At the time I write this, the exact criterion we are trying to optimise hasn't been settled on. But whatever criterion is eventually decided on, the following heuristic (i.e. generally suboptimal) approach might be useful:
Consider only a small number of "layouts" for combining a small number of rectangles into a single larger rectangle. Then recursively look at ways of combining these new rectangles into even larger rectangles, using just the same few layouts, until only a single rectangle remains.

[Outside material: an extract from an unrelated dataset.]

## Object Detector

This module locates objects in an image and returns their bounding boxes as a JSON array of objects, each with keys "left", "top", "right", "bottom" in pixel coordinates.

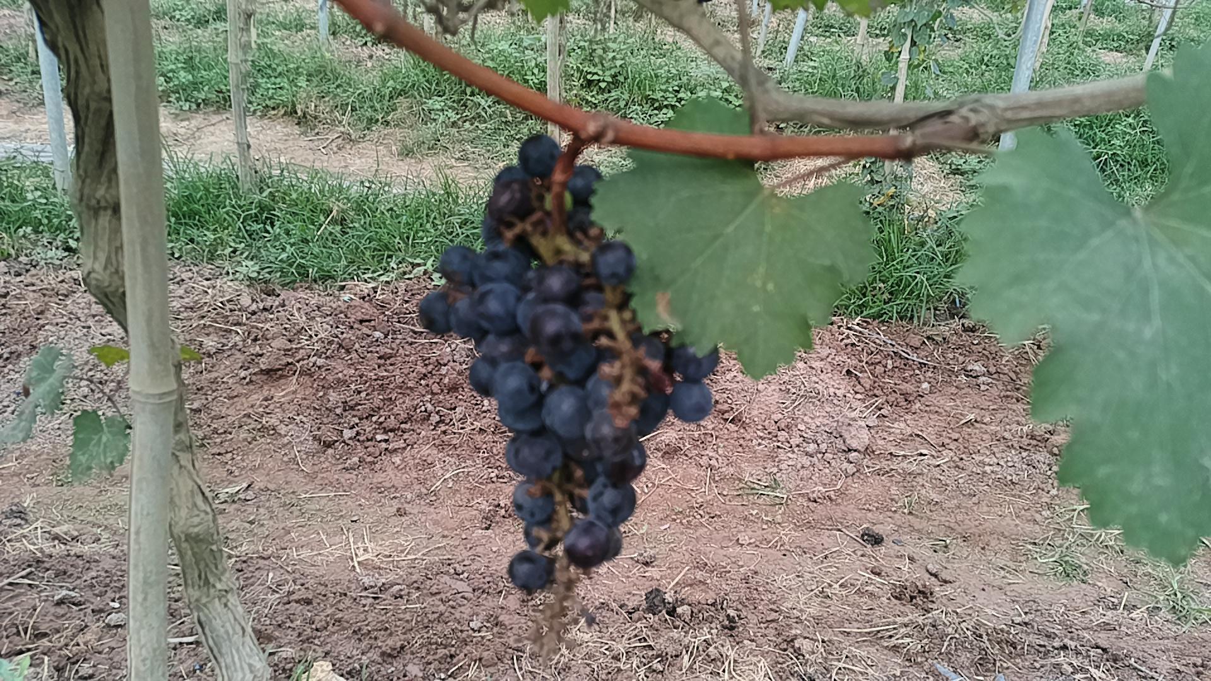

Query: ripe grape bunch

This doesn't guarantee an optimal solution, because some subsets of photos are constrained to form subrectangles within the final solution. But it seems likely that it will give reasonable-quality solutions.
For example, for 3 rectangles A, B and C, consider the following 4 layouts:
A
B
C
ABC
AB (i.e. A appears on the left)
AC
AA (i.e. A appears on the top)
BC
Cropping will only occur in the first round, when we are combining groups of 3 photos. For this step, every subset of 3 photos should be considered under each of the 4 layouts above, and the optimal scaling and cropping determined for each, bearing in mind that the resulting rectangle could be scaled up or down by later steps. (A good choice of optimality criterion should have the property that the ideal amount of scaling and cropping for each of A, B and C under a particular layout is not affected by how much the resulting rectangle is scaled, so this shouldn't be a problem.)
Subsequent combining rounds will behave similarly, but without considering any cropping. For a full solution, round 2 would involve trying to combine all sets of 3 rectangles produced by round 1 in which all 9 photos are distinct, however following this approach will lead to an exponential blowup. It should suffice to keep just the best few arrangements for each subset of photos. Note that it's important that each photo appear in at least 1 of the rectangles produced by each round.